Another is to strip voting privileges from voters who fail to vote for certain candidates. Last week on MLB Network, the subject of Greg Maddux's impending candidacy came up, and Jon Heyman said anybody who doesn't vote for Maddux should have his vote taken away. And I saw another pundit -- I'm sorry that I can't remember who -- suggest something similar: If you don't vote for a candidate who receives at least 95-percent support, you lose your vote. Presumably, this would go a long way toward weeding out a) cranks like Howard Bryant, b) voters who don't think anybody should get in the first year, and c) voters who really, really just don't give enough of a tinker's damn to notice that Greg Maddux was Greg Maddux.

Would any of this really improve the process measurably, though? And that's assuming that it would work. Which it wouldn't. Most Hall of Fame voters treasure the privilege dearly; I'm fairly certain that if they were being judged in this way, nearly every voter would do whatever it took to retain that privilege. Maybe I'm wrong, but I suspect that Howard Bryant would have voted for Greg Maddux, had he been on the ballot this year and had the 95-percent Rule been in effect.

Also, shouldn't voters be allowed to vote their conscience?

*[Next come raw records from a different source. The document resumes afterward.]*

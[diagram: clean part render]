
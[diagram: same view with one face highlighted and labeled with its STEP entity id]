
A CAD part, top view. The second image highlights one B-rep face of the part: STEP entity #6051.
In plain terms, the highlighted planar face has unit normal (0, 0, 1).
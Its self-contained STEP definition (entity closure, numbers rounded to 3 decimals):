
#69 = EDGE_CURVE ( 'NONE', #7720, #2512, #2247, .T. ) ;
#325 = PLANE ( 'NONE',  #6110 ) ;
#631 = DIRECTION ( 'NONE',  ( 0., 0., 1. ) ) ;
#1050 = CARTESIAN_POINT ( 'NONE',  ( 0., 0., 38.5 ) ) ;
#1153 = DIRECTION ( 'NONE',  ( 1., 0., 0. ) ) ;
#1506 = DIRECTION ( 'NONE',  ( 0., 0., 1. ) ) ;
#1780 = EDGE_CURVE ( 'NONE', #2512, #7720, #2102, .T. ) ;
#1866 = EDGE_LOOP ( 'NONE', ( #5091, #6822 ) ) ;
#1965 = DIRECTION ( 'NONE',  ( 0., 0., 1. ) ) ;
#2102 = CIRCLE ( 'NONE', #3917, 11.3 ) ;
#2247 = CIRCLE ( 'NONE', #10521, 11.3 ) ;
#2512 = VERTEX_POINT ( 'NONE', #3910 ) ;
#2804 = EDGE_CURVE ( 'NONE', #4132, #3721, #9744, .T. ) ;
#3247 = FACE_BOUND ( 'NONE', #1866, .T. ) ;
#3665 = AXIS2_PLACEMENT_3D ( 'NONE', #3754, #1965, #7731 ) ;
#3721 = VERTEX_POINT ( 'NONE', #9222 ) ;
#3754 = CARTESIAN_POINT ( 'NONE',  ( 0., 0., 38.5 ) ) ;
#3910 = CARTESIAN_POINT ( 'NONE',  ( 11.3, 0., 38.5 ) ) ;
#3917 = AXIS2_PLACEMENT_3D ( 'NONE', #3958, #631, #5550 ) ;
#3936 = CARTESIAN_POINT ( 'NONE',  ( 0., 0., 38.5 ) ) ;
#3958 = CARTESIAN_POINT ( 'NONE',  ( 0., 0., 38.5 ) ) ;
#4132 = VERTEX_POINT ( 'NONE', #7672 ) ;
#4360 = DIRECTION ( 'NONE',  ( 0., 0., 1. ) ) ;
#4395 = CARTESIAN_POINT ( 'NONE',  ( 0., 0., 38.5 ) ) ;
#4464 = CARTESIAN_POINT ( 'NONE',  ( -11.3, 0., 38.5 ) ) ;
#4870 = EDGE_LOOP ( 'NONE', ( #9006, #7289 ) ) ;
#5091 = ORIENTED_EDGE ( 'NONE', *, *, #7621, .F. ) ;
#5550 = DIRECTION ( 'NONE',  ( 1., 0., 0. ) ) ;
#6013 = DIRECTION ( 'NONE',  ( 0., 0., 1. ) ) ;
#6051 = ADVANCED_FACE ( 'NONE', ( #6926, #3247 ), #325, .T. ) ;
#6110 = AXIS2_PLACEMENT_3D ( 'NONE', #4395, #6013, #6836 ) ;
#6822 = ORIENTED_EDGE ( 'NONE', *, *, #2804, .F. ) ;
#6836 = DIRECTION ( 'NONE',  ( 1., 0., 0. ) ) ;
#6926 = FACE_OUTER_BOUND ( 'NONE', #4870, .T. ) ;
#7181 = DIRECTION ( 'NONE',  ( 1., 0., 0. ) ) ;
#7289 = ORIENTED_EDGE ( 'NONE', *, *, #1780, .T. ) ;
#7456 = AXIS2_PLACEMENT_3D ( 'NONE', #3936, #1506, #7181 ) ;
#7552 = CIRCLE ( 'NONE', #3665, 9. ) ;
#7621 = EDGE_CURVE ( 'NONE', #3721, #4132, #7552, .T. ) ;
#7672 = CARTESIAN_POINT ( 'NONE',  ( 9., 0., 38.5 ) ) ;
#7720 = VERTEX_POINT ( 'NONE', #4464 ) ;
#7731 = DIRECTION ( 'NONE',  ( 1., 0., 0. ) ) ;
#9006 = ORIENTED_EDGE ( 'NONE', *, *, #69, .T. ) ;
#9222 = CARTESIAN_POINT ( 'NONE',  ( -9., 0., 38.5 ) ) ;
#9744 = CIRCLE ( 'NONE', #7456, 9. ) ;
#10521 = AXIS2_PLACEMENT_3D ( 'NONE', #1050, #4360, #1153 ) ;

If you suspected that a superstar had actually lost a game on purpose, wouldn't you want the freedom to withhold your Hall of Fame vote, even if you didn't have enough evidence to actually make a public accusation? I would.

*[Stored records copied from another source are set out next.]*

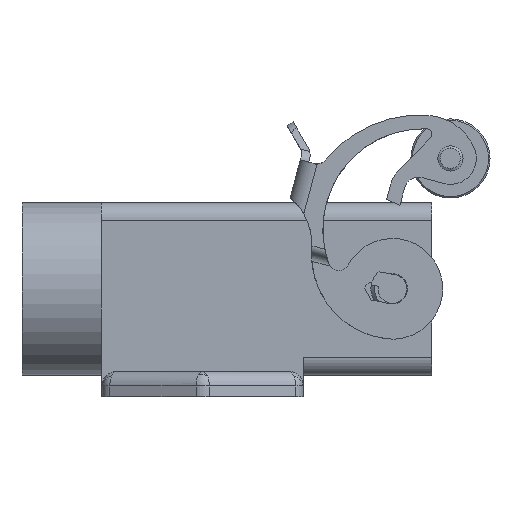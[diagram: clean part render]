
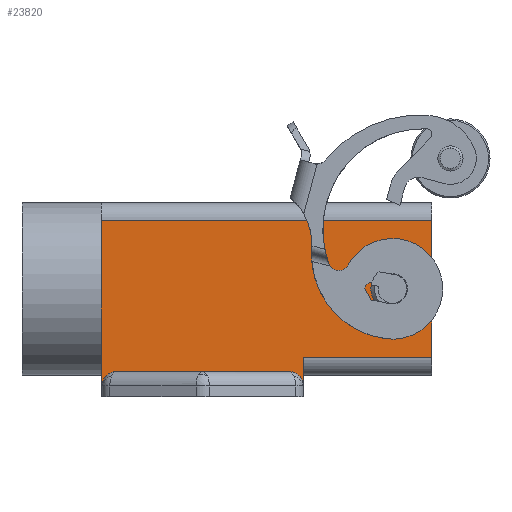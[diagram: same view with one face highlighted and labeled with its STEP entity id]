
A CAD part, front view. The second image highlights one B-rep face of the part: STEP entity #23820.
In plain terms, the highlighted planar face has unit normal (0, -1, 0).
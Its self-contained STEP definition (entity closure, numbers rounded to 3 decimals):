
#21370=CARTESIAN_POINT('',(26.375,-12.,17.5));
#21380=VERTEX_POINT('',#21370);
#21410=CARTESIAN_POINT('',(26.375,-12.,14.5));
#21420=DIRECTION('',(0.,1.,0.));
#21430=DIRECTION('',(0.,0.,-1.));
#21440=AXIS2_PLACEMENT_3D('',#21410,#21420,#21430);
#21450=CIRCLE('',#21440,3.);
#21460=CARTESIAN_POINT('',(26.375,-12.,11.5));
#21470=VERTEX_POINT('',#21460);
#21480=EDGE_CURVE('',#21380,#21470,#21450,.T.);
#22460=CARTESIAN_POINT('',(12.,-12.,0.));
#22470=DIRECTION('',(0.,-1.,0.));
#22480=DIRECTION('',(0.,0.,-1.));
#22490=AXIS2_PLACEMENT_3D('',#22460,#22470,#22480);
#22500=PLANE('',#22490);
#22510=ORIENTED_EDGE('',*,*,#21480,.T.);
#22520=EDGE_CURVE('',#21470,#21380,#21450,.T.);
#22530=ORIENTED_EDGE('',*,*,#22520,.T.);
#22540=EDGE_LOOP('',(#22530,#22510));
#22550=FACE_BOUND('',#22540,.T.);
#22560=CARTESIAN_POINT('',(0.,-12.,-0.5));
#22570=DIRECTION('',(1.,0.,0.));
#22580=VECTOR('',#22570,1.);
#22590=LINE('',#22560,#22580);
#22600=CARTESIAN_POINT('',(13.991,-12.,-0.5));
#22610=VERTEX_POINT('',#22600);
#22620=CARTESIAN_POINT('',(14.,-12.,-0.5));
#22630=VERTEX_POINT('',#22620);
#22640=EDGE_CURVE('',#22610,#22630,#22590,.T.);
#22650=ORIENTED_EDGE('',*,*,#22640,.T.);
#22660=CARTESIAN_POINT('',(13.991,-12.,1.5));
#22670=DIRECTION('',(0.,0.,-1.));
#22680=VECTOR('',#22670,1.);
#22690=LINE('',#22660,#22680);
#22700=CARTESIAN_POINT('',(13.991,-12.,1.));
#22710=VERTEX_POINT('',#22700);
#22720=EDGE_CURVE('',#22710,#22610,#22690,.T.);
#22730=ORIENTED_EDGE('',*,*,#22720,.T.);
#22740=CARTESIAN_POINT('',(12.,-12.,1.));
#22750=DIRECTION('',(0.,-1.,0.));
#22760=DIRECTION('',(1.,0.,0.));
#22770=AXIS2_PLACEMENT_3D('',#22740,#22750,#22760);
#22780=CIRCLE('',#22770,1.991);
#22790=CARTESIAN_POINT('',(12.095,-12.,2.989));
#22800=VERTEX_POINT('',#22790);
#22810=EDGE_CURVE('',#22710,#22800,#22780,.T.);
#22820=ORIENTED_EDGE('',*,*,#22810,.F.);
#22830=CARTESIAN_POINT('',(11.642,-12.,1.));
#22840=DIRECTION('',(0.,1.,0.));
#22850=DIRECTION('',(1.,0.,0.));
#22860=AXIS2_PLACEMENT_3D('',#22830,#22840,#22850);
#22870=ELLIPSE('',#22860,4.366,2.);
#22880=CARTESIAN_POINT('',(11.642,-12.,3.));
#22890=VERTEX_POINT('',#22880);
#22900=EDGE_CURVE('',#22890,#22800,#22870,.T.);
#22910=ORIENTED_EDGE('',*,*,#22900,.T.);
#22920=CARTESIAN_POINT('',(-11.642,-12.,3.));
#22930=DIRECTION('',(1.,0.,0.));
#22940=VECTOR('',#22930,1.);
#22950=LINE('',#22920,#22940);
#22960=CARTESIAN_POINT('',(-11.642,-12.,3.));
#22970=VERTEX_POINT('',#22960);
#22980=EDGE_CURVE('',#22970,#22890,#22950,.T.);
#22990=ORIENTED_EDGE('',*,*,#22980,.T.);
#23000=CARTESIAN_POINT('',(-11.642,-12.,1.));
#23010=DIRECTION('',(0.,1.,0.));
#23020=DIRECTION('',(1.,0.,0.));
#23030=AXIS2_PLACEMENT_3D('',#23000,#23010,#23020);
#23040=ELLIPSE('',#23030,4.366,2.);
#23050=CARTESIAN_POINT('',(-12.095,-12.,2.989));
#23060=VERTEX_POINT('',#23050);
#23070=EDGE_CURVE('',#23060,#22970,#23040,.T.);
#23080=ORIENTED_EDGE('',*,*,#23070,.T.);
#23090=CARTESIAN_POINT('',(-12.,-12.,1.));
#23100=DIRECTION('',(0.,-1.,0.));
#23110=DIRECTION('',(-0.048,0.,0.999));
#23120=AXIS2_PLACEMENT_3D('',#23090,#23100,#23110);
#23130=CIRCLE('',#23120,1.991);
#23140=CARTESIAN_POINT('',(-13.991,-12.,1.));
#23150=VERTEX_POINT('',#23140);
#23160=EDGE_CURVE('',#23060,#23150,#23130,.T.);
#23170=ORIENTED_EDGE('',*,*,#23160,.F.);
#23180=CARTESIAN_POINT('',(-13.991,-12.,1.));
#23190=DIRECTION('',(0.,0.,1.));
#23200=VECTOR('',#23190,1.);
#23210=LINE('',#23180,#23200);
#23220=CARTESIAN_POINT('',(-13.991,-12.,-0.5));
#23230=VERTEX_POINT('',#23220);
#23240=EDGE_CURVE('',#23230,#23150,#23210,.T.);
#23250=ORIENTED_EDGE('',*,*,#23240,.T.);
#23260=CARTESIAN_POINT('',(0.,-12.,-0.5));
#23270=DIRECTION('',(1.,0.,0.));
#23280=VECTOR('',#23270,1.);
#23290=LINE('',#23260,#23280);
#23300=CARTESIAN_POINT('',(-14.125,-12.,-0.5));
#23310=VERTEX_POINT('',#23300);
#23320=EDGE_CURVE('',#23310,#23230,#23290,.T.);
#23330=ORIENTED_EDGE('',*,*,#23320,.T.);
#23340=CARTESIAN_POINT('',(-14.125,-12.,1.5));
#23350=DIRECTION('',(0.,0.,1.));
#23360=VECTOR('',#23350,1.);
#23370=LINE('',#23340,#23360);
#23380=CARTESIAN_POINT('',(-14.125,-12.,14.5));
#23390=VERTEX_POINT('',#23380);
#23400=EDGE_CURVE('',#23310,#23390,#23370,.T.);
#23410=ORIENTED_EDGE('',*,*,#23400,.F.);
#23420=CARTESIAN_POINT('',(-14.125,-12.,14.5));
#23430=DIRECTION('',(0.,0.,1.));
#23440=VECTOR('',#23430,1.);
#23450=LINE('',#23420,#23440);
#23460=CARTESIAN_POINT('',(-14.125,-12.,24.));
#23470=VERTEX_POINT('',#23460);
#23480=EDGE_CURVE('',#23390,#23470,#23450,.T.);
#23490=ORIENTED_EDGE('',*,*,#23480,.F.);
#23500=CARTESIAN_POINT('',(-14.125,-12.,24.));
#23510=DIRECTION('',(1.,0.,0.));
#23520=VECTOR('',#23510,1.);
#23530=LINE('',#23500,#23520);
#23540=CARTESIAN_POINT('',(31.875,-12.,24.));
#23550=VERTEX_POINT('',#23540);
#23560=EDGE_CURVE('',#23470,#23550,#23530,.T.);
#23570=ORIENTED_EDGE('',*,*,#23560,.F.);
#23580=CARTESIAN_POINT('',(31.875,-12.,24.));
#23590=DIRECTION('',(0.,0.,-1.));
#23600=VECTOR('',#23590,1.);
#23610=LINE('',#23580,#23600);
#23620=CARTESIAN_POINT('',(31.875,-12.,5.));
#23630=VERTEX_POINT('',#23620);
#23640=EDGE_CURVE('',#23550,#23630,#23610,.T.);
#23650=ORIENTED_EDGE('',*,*,#23640,.F.);
#23660=CARTESIAN_POINT('',(25.5,-12.,5.));
#23670=DIRECTION('',(-1.,0.,0.));
#23680=VECTOR('',#23670,1.);
#23690=LINE('',#23660,#23680);
#23700=CARTESIAN_POINT('',(14.,-12.,5.));
#23710=VERTEX_POINT('',#23700);
#23720=EDGE_CURVE('',#23630,#23710,#23690,.T.);
#23730=ORIENTED_EDGE('',*,*,#23720,.F.);
#23740=CARTESIAN_POINT('',(14.,-12.,1.5));
#23750=DIRECTION('',(0.,0.,1.));
#23760=VECTOR('',#23750,1.);
#23770=LINE('',#23740,#23760);
#23780=EDGE_CURVE('',#22630,#23710,#23770,.T.);
#23790=ORIENTED_EDGE('',*,*,#23780,.T.);
#23800=EDGE_LOOP('',(#23790,#23730,#23650,#23570,#23490,#23410,#23330,
#23250,#23170,#23080,#22990,#22910,#22820,#22730,#22650));
#23810=FACE_OUTER_BOUND('',#23800,.T.);
#23820=ADVANCED_FACE('',(#22550,#23810),#22500,.T.);

That said, here are three reforms that might help some:

1. Rewrite, slightly, the voting rules.
No, I wouldn't remove the so-called "integrity clause". What I would do is expressly discourage this ridiculous distinction between first-ballot and non-first-ballot Hall of Famers. Maybe then voters like Heyman wouldn't use the current semi-ambiguity to justify leaving off guys like Biggio.

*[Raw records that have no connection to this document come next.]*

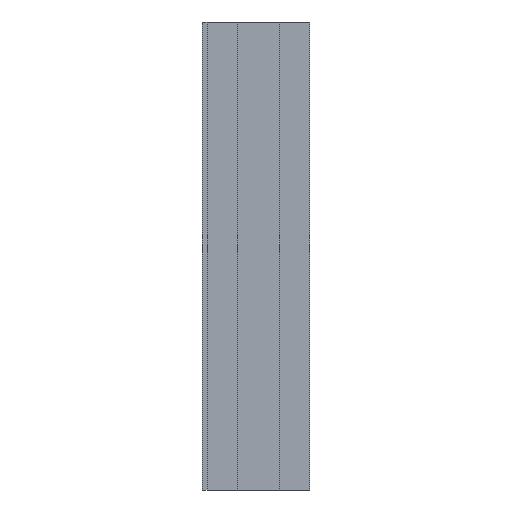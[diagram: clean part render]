
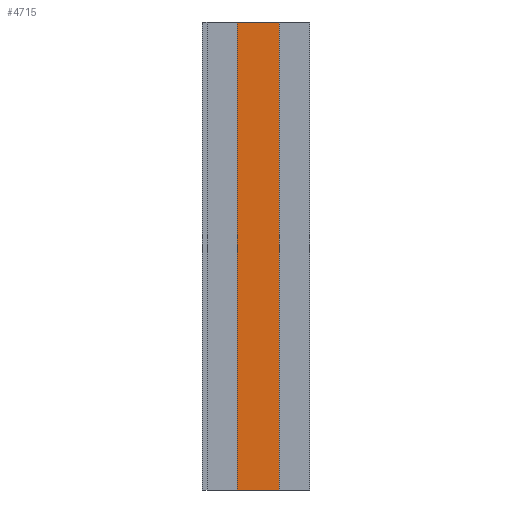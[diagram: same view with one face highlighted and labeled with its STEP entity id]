
A CAD part, left-side view. The second image highlights one B-rep face of the part: STEP entity #4715.
In plain terms, the highlighted planar face has unit normal (-1, 0, 0).
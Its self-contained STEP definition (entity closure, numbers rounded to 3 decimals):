
#152 = CARTESIAN_POINT ( 'NONE',  ( -28.5, -9.352, 0. ) ) ;
#210 = DIRECTION ( 'NONE',  ( 0., 0., 1. ) ) ;
#211 = DIRECTION ( 'NONE',  ( -1., 0., 0. ) ) ;
#212 = CARTESIAN_POINT ( 'NONE',  ( -28.5, 2.648, -115.5 ) ) ;
#213 = PLANE ( 'NONE',  #1807 ) ;
#560 = LINE ( 'NONE', #1717, #561 ) ;
#561 = VECTOR ( 'NONE', #1716, 1000. ) ;
#564 = LINE ( 'NONE', #1713, #565 ) ;
#565 = VECTOR ( 'NONE', #1712, 1000. ) ;
#566 = LINE ( 'NONE', #1711, #567 ) ;
#567 = VECTOR ( 'NONE', #1710, 1000. ) ;
#568 = LINE ( 'NONE', #1709, #569 ) ;
#569 = VECTOR ( 'NONE', #1708, 1000. ) ;
#766 = FACE_OUTER_BOUND ( 'NONE', #945, .T. ) ;
#811 = ORIENTED_EDGE ( 'NONE', *, *, #3761, .F. ) ;
#812 = ORIENTED_EDGE ( 'NONE', *, *, #3762, .F. ) ;
#813 = ORIENTED_EDGE ( 'NONE', *, *, #3763, .T. ) ;
#814 = ORIENTED_EDGE ( 'NONE', *, *, #3759, .T. ) ;
#945 = EDGE_LOOP ( 'NONE', ( #811, #812, #813, #814 ) ) ;
#1186 = CARTESIAN_POINT ( 'NONE',  ( -28.5, 2.648, -115.5 ) ) ;
#1190 = CARTESIAN_POINT ( 'NONE',  ( -28.5, 2.648, 0. ) ) ;
#1191 = CARTESIAN_POINT ( 'NONE',  ( -28.5, -9.352, -115.5 ) ) ;
#1708 = DIRECTION ( 'NONE',  ( 0., -1., 0. ) ) ;
#1709 = CARTESIAN_POINT ( 'NONE',  ( -28.5, 2.648, -115.5 ) ) ;
#1710 = DIRECTION ( 'NONE',  ( 0., 0., 1. ) ) ;
#1711 = CARTESIAN_POINT ( 'NONE',  ( -28.5, 2.648, -115.5 ) ) ;
#1712 = DIRECTION ( 'NONE',  ( 0., -1., 0. ) ) ;
#1713 = CARTESIAN_POINT ( 'NONE',  ( -28.5, 2.648, 0. ) ) ;
#1716 = DIRECTION ( 'NONE',  ( 0., 0., 1. ) ) ;
#1717 = CARTESIAN_POINT ( 'NONE',  ( -28.5, -9.352, -115.5 ) ) ;
#1807 = AXIS2_PLACEMENT_3D ( 'NONE', #212, #211, #210 ) ;
#3759 = EDGE_CURVE ( 'NONE', #4304, #4475, #560, .T. ) ;
#3761 = EDGE_CURVE ( 'NONE', #4306, #4475, #564, .T. ) ;
#3762 = EDGE_CURVE ( 'NONE', #4318, #4306, #566, .T. ) ;
#3763 = EDGE_CURVE ( 'NONE', #4318, #4304, #568, .T. ) ;
#4304 = VERTEX_POINT ( 'NONE', #1191 ) ;
#4306 = VERTEX_POINT ( 'NONE', #1190 ) ;
#4318 = VERTEX_POINT ( 'NONE', #1186 ) ;
#4475 = VERTEX_POINT ( 'NONE', #152 ) ;
#4715 = ADVANCED_FACE ( 'NONE', ( #766 ), #213, .T. ) ;

2. Cut the period of eligibility from 15 years to 10.
Really, 15 years is just a ridiculously long time. As Joe Sheehan pointed out last week, since 1980 only three players have been elected after their 10th year on the ballot: Bruce Sutter, Jim Rice, and Bert Blyleven. A .333 batting average in the majors is pretty good; .333 for the BBWAA is really lousy. Frankly, the Hall of Fame would have been better served if all these guys were cut loose after 10 seasons; eventually, Blyleven would have been elected by someone. Yes, maybe the other guys too, but we're talking about the BBWAA now. If the ballots were smaller, it would be easier to elect the most deserving players, and they would be smaller if so many hopeless candidates weren't kept on the ballot for so many years.

3. Replace unqualified voters with qualified voters.
If you're not a full-time baseball writer, or weren't a full-time baseball writer for 25 years, you don't get to vote. I mean, that's really easy; I would certainly allow longtime broadcasters to vote, and we could come up with some other obvious groups as well. But at a bare minimum, regularly covering baseball should be your job, or have been your job for a long time. Things like this just shouldn't happen, and wouldn't if the people who run the BBWAA had their act together.

Which they don't. Or maybe do have their act together, but that doesn't include maintaining a basic level of competence and integrity with regard to the Hall of Fame balloting. The BBWAA exists to serve the interests of a majority of its members, just like any other good union or trade organization. Fortunately, the BBWAA doesn't control the process; the Hall of Fame itself does (with some input/pressure from Major League Baseball). We really should stop tweeting and message-boarding BBWAA members, and start writing letters to Cooperstown. If there are changes, for better or worse, that's where they'll come from.